PROMPT:
Produce a faithful copy of every record below, without the pictures.

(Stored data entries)
:::::

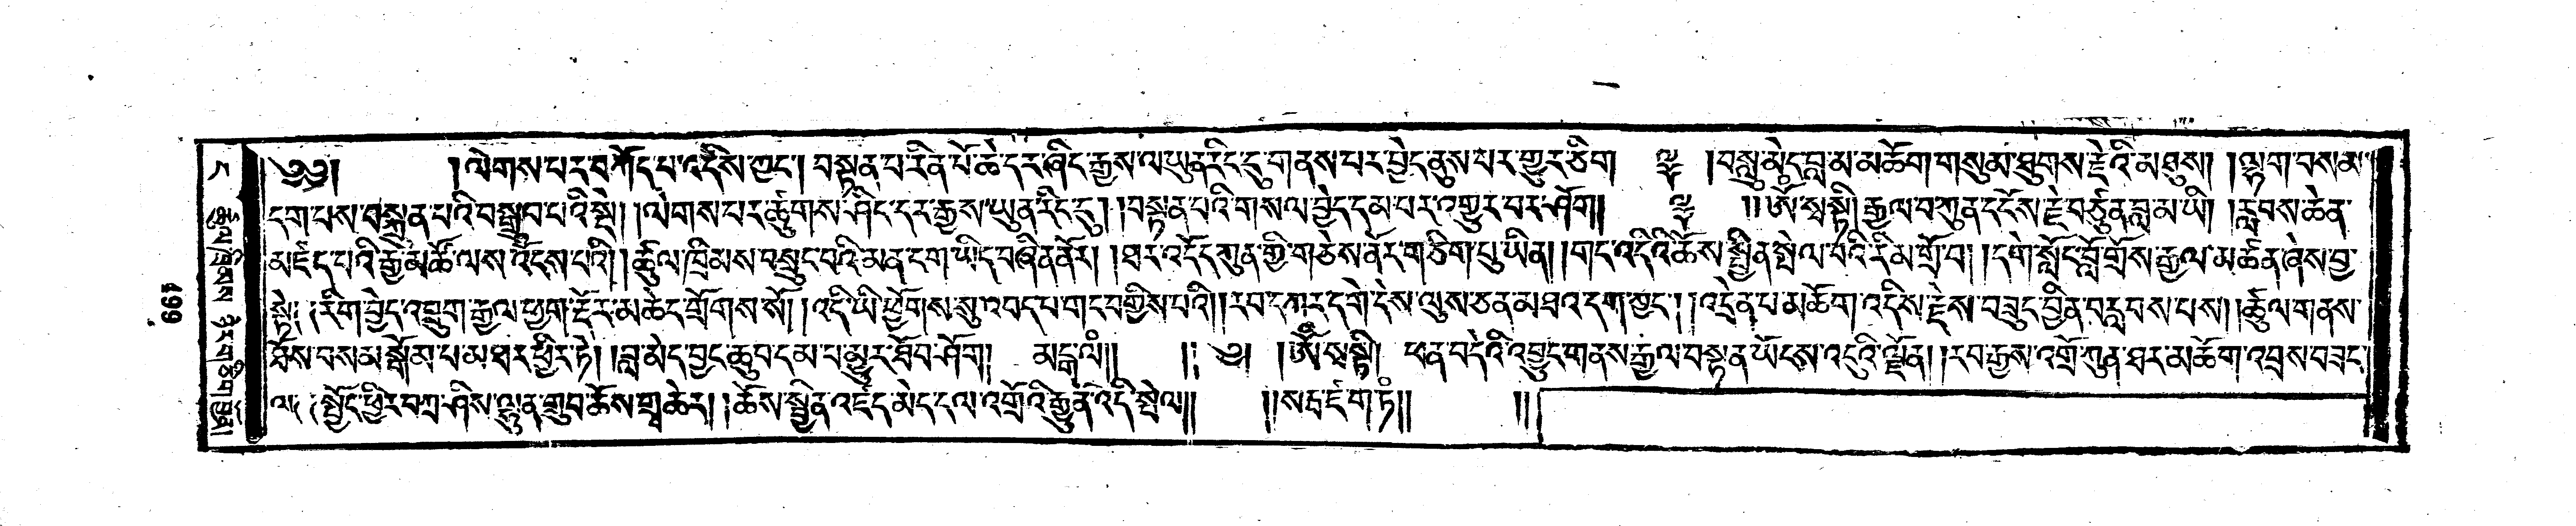༄༅། །ལེགས་པར་བཀོད་པ་འདིས་ཀྱང་། བསྟན་པ་རིན་པོ་ཆེ་དར་ཞིང་རྒྱས་ལ་ཡུན་རིང་དུ་གནས་པར་བྱེད་ནུས་པར་གྱུར་ཅིག ༈ །བསླུ་མེད་བླ་མ་མཆོག་གསུམ་ཐུགས་རྗེའི་མཐུས། །ལྷག་བསམ་
དག་པས་བསྐྲུན་པའི་བསྒྲུབ་པའི་སྡེ། །ལེགས་པར་ཚུགས་ཤིང་དར་རྒྱས་ཡུན་རིང་དུ། །བསྟན་པའི་གསལ་བྱེད་དམ་པར་འགྱུར་བར་ཤོག ། ༈ །།ཨོཾ་སྭ་སྟི། རྒྱལ་བ་ཀུན་དངོས་རྗེ་བཙུན་བླ་མ་ཡི། །རླབས་ཆེན་
མཛད་པའི་རྒྱ་མཚོ་ལས་འོངས་པའི། །ཚུལ་ཁྲིམས་བསྲུང་བའི་མན་ངག་ཡིད་བཞིན་ནོར། །ཐར་འདོད་ཀུན་གྱི་གཅེས་ནོར་གཅིག་པུ་ཡིན། །གང་འདིའི་ཆོས་སྦྱིན་སྤེལ་བའི་རིམ་གྲོ་པ། །དགེ་སློང་བློ་གྲོས་རྒྱལ་མཚན་ཞེས་བྱ་
སྟེ༑ ༑རིག་བྱེད་འབྲུག་རྒྱལ་ཕྱག་རྡོར་མཆེད་གྲོགས་སོ། །འདི་ཡི་ཕྱོགས་སུ་འབད་པ་གང་བགྱིས་པའི། །རབ་དཀར་དགེ་དེས་ལུས་ཅན་མཐའ་དག་ཀྱང་། །འདྲེན་པ་མཆོག་འདིས་རྗེས་བཟུང་བྱིན་བརླབས་པས། །ཚུལ་གནས་
ཐོས་བསམ་སྒོམ་པ་མཐར་ཕྱིར་ཏེ། །བླ་མེད་བྱང་ཆུབ་དམ་པ་མྱུར་ཐོབ་ཤོག །མངྒ་ལཾ།། །། ༄༅། །ཨོཾ་སྭསྟི། ཕན་བདེའི་འབྱུང་གནས་རྒྱལ་བསྟན་ཡོངས་འདུའི་ལྗོན། །རབ་རྒྱས་འགྲོ་ཀུན་ཐར་མཆོག་འབྲས་བཟང་
ལ༑ ༑སྤྱོད་ཕྱིར་བཀྲ་ཤིས་ལྷུན་གྲུབ་ཆོས་གྲྭ་ཆེར། །ཆོས་སྦྱིན་འཛད་མེད་དལ་འགྲོའི་རྒྱུན་འདི་སྤེལ།། །།སརྦ་ཛ་ག་ཏཾ།། །

:::::

SOLUTION TO THE PROBLEM:
༄༅། །ལེགས་པར་བཀོད་པ་འདིས་ཀྱང་། བསྟན་པ་རིན་པོ་ཆེ་དར་ཞིང་རྒྱས་ལ་ཡུན་རིང་དུ་གནས་པར་བྱེད་ནུས་པར་གྱུར་ཅིག ༈ །བསླུ་མེད་བླ་མ་མཆོག་གསུམ་ཐུགས་རྗེའི་མཐུས། །ལྷག་བསམ་
དག་པས་བསྐྲུན་པའི་བསྒྲུབ་པའི་སྡེ། །ལེགས་པར་ཚུགས་ཤིང་དར་རྒྱས་ཡུན་རིང་དུ། །བསྟན་པའི་གསལ་བྱེད་དམ་པར་འགྱུར་བར་ཤོག ། ༈ །།ཨོཾ་སྭ་སྟི། རྒྱལ་བ་ཀུན་དངོས་རྗེ་བཙུན་བླ་མ་ཡི། །རླབས་ཆེན་
མཛད་པའི་རྒྱ་མཚོ་ལས་འོངས་པའི། །ཚུལ་ཁྲིམས་བསྲུང་བའི་མན་ངག་ཡིད་བཞིན་ནོར། །ཐར་འདོད་ཀུན་གྱི་གཅེས་ནོར་གཅིག་པུ་ཡིན། །གང་འདིའི་ཆོས་སྦྱིན་སྤེལ་བའི་རིམ་གྲོ་པ། །དགེ་སློང་བློ་གྲོས་རྒྱལ་མཚན་ཞེས་བྱ་
སྟེ༑ ༑རིག་བྱེད་འབྲུག་རྒྱལ་ཕྱག་རྡོར་མཆེད་གྲོགས་སོ། །འདི་ཡི་ཕྱོགས་སུ་འབད་པ་གང་བགྱིས་པའི། །རབ་དཀར་དགེ་དེས་ལུས་ཅན་མཐའ་དག་ཀྱང་། །འདྲེན་པ་མཆོག་འདིས་རྗེས་བཟུང་བྱིན་བརླབས་པས། །ཚུལ་གནས་
ཐོས་བསམ་སྒོམ་པ་མཐར་ཕྱིར་ཏེ། །བླ་མེད་བྱང་ཆུབ་དམ་པ་མྱུར་ཐོབ་ཤོག །མངྒ་ལཾ།། །། ༄༅། །ཨོཾ་སྭསྟི། ཕན་བདེའི་འབྱུང་གནས་རྒྱལ་བསྟན་ཡོངས་འདུའི་ལྗོན། །རབ་རྒྱས་འགྲོ་ཀུན་ཐར་མཆོག་འབྲས་བཟང་
ལ༑ ༑སྤྱོད་ཕྱིར་བཀྲ་ཤིས་ལྷུན་གྲུབ་ཆོས་གྲྭ་ཆེར། །ཆོས་སྦྱིན་འཛད་མེད་དལ་འགྲོའི་རྒྱུན་འདི་སྤེལ།། །།སརྦ་ཛ་ག་ཏཾ།། །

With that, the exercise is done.